Europe is also less reliant on the Ukraine link, with improved gas infrastructure now meaning supplies could go via alternative routes in the event of disruption.

Map showing the main gas pipelines in Ukraine

The Nord Stream pipeline, which goes through the Baltic Sea to Germany, or another route to Germany via Belarus and Poland, are two options.

Russian state gas producer, Gazprom, also plans to build another sub-sea pipeline - the South Stream - to bypass Ukraine by 2016.

"Low utilisation means Ukraine's gas network is of lesser importance today than in the past," said US market analysts, Bernstein Research, in a note to clients.

There are also doubts that Russia could afford to disrupt or cut part of its gas supply to Europe, which is worth almost $100m (£60m) a day. Analysts estimate it accounts for about 3% of Russian economic output.

Russia's economy registered disappointing growth of 1.3% last year, and its central bank has lowered its own forecasts, anticipating growth of below 2% until at least 2016.

Historic shutdown

Gazprom said on Monday that supplies to Europe via Ukraine were unaffected, but a previous Russian supply cut to Ukraine caused major disruption across the continent and pushed up prices significantly.

In January 2009 Russia turned off the taps to its neighbour in a row over contract prices and accusations that Ukraine had been siphoning off gas meant for European customers.

The two-week shutdown, during a very cold spell, resulted in severe disruptions across the continent, with more than a dozen countries without their expected supplies of Russian gas.


Energy is at the heart of the commercial links between Russia and the European Union.

Russia is the EU's biggest outside supplier of oil, and of coal and gas, which are important fuels for electricity as well as heating.

Curtailing that trade is unappealing to both sides.
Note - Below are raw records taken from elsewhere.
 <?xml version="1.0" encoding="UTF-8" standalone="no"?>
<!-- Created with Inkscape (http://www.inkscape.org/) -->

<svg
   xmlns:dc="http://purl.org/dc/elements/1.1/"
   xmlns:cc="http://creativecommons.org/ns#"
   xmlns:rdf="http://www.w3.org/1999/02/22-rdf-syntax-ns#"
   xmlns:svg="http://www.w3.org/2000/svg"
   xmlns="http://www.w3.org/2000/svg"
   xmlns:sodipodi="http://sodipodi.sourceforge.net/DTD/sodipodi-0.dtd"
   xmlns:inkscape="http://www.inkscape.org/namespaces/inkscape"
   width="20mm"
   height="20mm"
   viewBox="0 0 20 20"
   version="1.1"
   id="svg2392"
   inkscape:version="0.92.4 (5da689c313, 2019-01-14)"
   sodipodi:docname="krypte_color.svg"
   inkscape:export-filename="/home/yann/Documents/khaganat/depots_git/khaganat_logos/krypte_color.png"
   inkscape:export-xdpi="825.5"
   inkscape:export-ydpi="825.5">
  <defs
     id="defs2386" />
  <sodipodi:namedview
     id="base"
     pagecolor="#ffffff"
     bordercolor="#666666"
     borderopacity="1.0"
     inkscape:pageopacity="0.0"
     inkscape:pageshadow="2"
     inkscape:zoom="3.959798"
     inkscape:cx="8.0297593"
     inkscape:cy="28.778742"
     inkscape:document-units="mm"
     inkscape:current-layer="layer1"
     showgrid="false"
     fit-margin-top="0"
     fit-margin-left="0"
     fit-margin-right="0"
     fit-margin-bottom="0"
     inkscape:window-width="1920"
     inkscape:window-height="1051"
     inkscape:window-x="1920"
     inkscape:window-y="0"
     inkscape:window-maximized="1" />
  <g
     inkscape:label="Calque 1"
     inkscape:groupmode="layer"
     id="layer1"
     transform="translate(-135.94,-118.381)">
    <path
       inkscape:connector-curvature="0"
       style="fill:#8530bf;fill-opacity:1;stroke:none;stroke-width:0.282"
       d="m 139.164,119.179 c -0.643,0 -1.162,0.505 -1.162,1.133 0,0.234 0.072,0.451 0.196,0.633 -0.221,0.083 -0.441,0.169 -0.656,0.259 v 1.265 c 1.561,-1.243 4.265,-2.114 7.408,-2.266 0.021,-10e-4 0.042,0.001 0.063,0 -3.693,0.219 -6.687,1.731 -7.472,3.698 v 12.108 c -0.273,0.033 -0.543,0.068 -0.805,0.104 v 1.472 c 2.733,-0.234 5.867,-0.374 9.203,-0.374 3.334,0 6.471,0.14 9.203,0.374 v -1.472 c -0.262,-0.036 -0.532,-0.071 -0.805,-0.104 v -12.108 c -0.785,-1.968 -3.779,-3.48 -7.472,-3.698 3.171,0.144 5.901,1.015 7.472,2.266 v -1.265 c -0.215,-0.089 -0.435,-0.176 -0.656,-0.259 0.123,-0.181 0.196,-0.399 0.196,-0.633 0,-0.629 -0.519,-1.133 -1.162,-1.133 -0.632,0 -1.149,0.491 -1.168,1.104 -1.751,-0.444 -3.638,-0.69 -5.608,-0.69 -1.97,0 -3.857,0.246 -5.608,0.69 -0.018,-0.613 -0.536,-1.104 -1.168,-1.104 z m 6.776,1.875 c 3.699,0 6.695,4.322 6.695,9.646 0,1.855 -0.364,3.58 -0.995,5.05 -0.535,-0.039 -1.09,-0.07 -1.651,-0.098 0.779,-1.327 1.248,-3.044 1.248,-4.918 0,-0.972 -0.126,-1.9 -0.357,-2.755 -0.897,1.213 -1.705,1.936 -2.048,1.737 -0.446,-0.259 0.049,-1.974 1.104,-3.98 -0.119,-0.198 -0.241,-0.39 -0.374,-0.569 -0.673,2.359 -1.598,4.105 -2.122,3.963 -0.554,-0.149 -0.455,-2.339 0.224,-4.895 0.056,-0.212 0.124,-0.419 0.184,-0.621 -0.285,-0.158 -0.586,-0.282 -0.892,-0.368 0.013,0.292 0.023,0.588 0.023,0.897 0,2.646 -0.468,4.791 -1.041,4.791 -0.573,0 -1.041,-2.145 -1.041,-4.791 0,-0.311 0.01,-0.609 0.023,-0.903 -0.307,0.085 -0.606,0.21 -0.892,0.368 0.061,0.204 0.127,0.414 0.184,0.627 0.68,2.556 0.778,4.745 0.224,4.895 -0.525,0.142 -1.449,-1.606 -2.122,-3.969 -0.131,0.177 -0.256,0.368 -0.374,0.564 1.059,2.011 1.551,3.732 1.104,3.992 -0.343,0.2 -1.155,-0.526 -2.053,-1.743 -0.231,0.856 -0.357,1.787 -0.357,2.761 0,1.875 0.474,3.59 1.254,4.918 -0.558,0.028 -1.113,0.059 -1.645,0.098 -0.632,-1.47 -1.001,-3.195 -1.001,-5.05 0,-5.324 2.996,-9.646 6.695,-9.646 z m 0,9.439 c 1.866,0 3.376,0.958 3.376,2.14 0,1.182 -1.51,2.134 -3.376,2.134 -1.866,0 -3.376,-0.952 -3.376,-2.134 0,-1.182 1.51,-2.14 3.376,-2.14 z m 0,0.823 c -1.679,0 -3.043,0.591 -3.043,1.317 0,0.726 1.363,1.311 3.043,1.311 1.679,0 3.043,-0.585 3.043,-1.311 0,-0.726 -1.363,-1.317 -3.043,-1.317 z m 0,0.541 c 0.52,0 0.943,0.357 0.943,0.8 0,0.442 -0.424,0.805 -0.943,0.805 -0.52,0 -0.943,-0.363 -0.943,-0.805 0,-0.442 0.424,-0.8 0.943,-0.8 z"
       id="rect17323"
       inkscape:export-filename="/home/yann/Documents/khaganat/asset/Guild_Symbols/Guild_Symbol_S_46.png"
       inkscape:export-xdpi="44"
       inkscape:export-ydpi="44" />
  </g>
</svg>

Russia needs the income from its largest export market, and Europe needs the energy - though the timing makes it less vulnerable than it might be. A relatively mild winter is coming to an end, and Europe has healthy gas stocks.

But energy is a battleground where neither the EU nor Russia wants to fight.

Bulgaria, Serbia and Bosnia, who were almost completely dependent on supplies via Ukraine, were left with major shortages.

Parts of Europe had to shut down industrial plants and domestic heating systems, find alternative sources of gas or switch energy plants to oil. Slovakia and Bulgaria considered restarting mothballed nuclear reactors.

While traders say healthy European gas stocks would limit the impact of another shutdown, any disruption in the current crisis would almost certainly lead to a sharp rise in gas prices.

"Shifts in the global energy market have left Russia with less of a grip, but this nonetheless remains important," said Michala Marcussen, an economist at Societe Generale, in a research note.

Gazprom has already warned Ukraine that it may increase the gas price for Kiev after the first quarter.

"The situation with payments is worrying," said Andrei Kruglov, Gazprom's chief financial officer.

"Ukraine is paying but not as well as we would like it to. We are still thinking about whether to extend the pricing contract into the next quarter based on current prices."

Oil impact

Concerns about one of Europe's key gas supply routes have had a knock-on effect on other commodities, especially oil, as demand for alternative fuels increased.

The benchmark oil price, Brent Crude, rose to a peak of $112.10 per barrel in early trading, its highest since 30 December.

Its rise is also due to concerns about oil supplies from Russia, one of the world's largest oil producers, as well as the impact of any disruption in the gas market.

"Oil markets are reacting on the potential that the situation could worsen," said Ben Le Brun, a market analyst at OptionsXpress.

"I definitely suspect oil will move much higher, if it actually comes to war."

Meanwhile, on the gas markets, UK prices for next-month delivery climbed as much as 10%, with German and Dutch prices rising by a similar amount, according to ICE Futures Europe exchange.

The unrest in Ukraine also sent the Russian rouble to a record low against the US dollar, prompting Russia's central bank to raise its key lending rate by 1.5%.

As a result, the main index of Russian stocks, MICEX, dropped by 11%, with Gazprom shares slumping by 13%.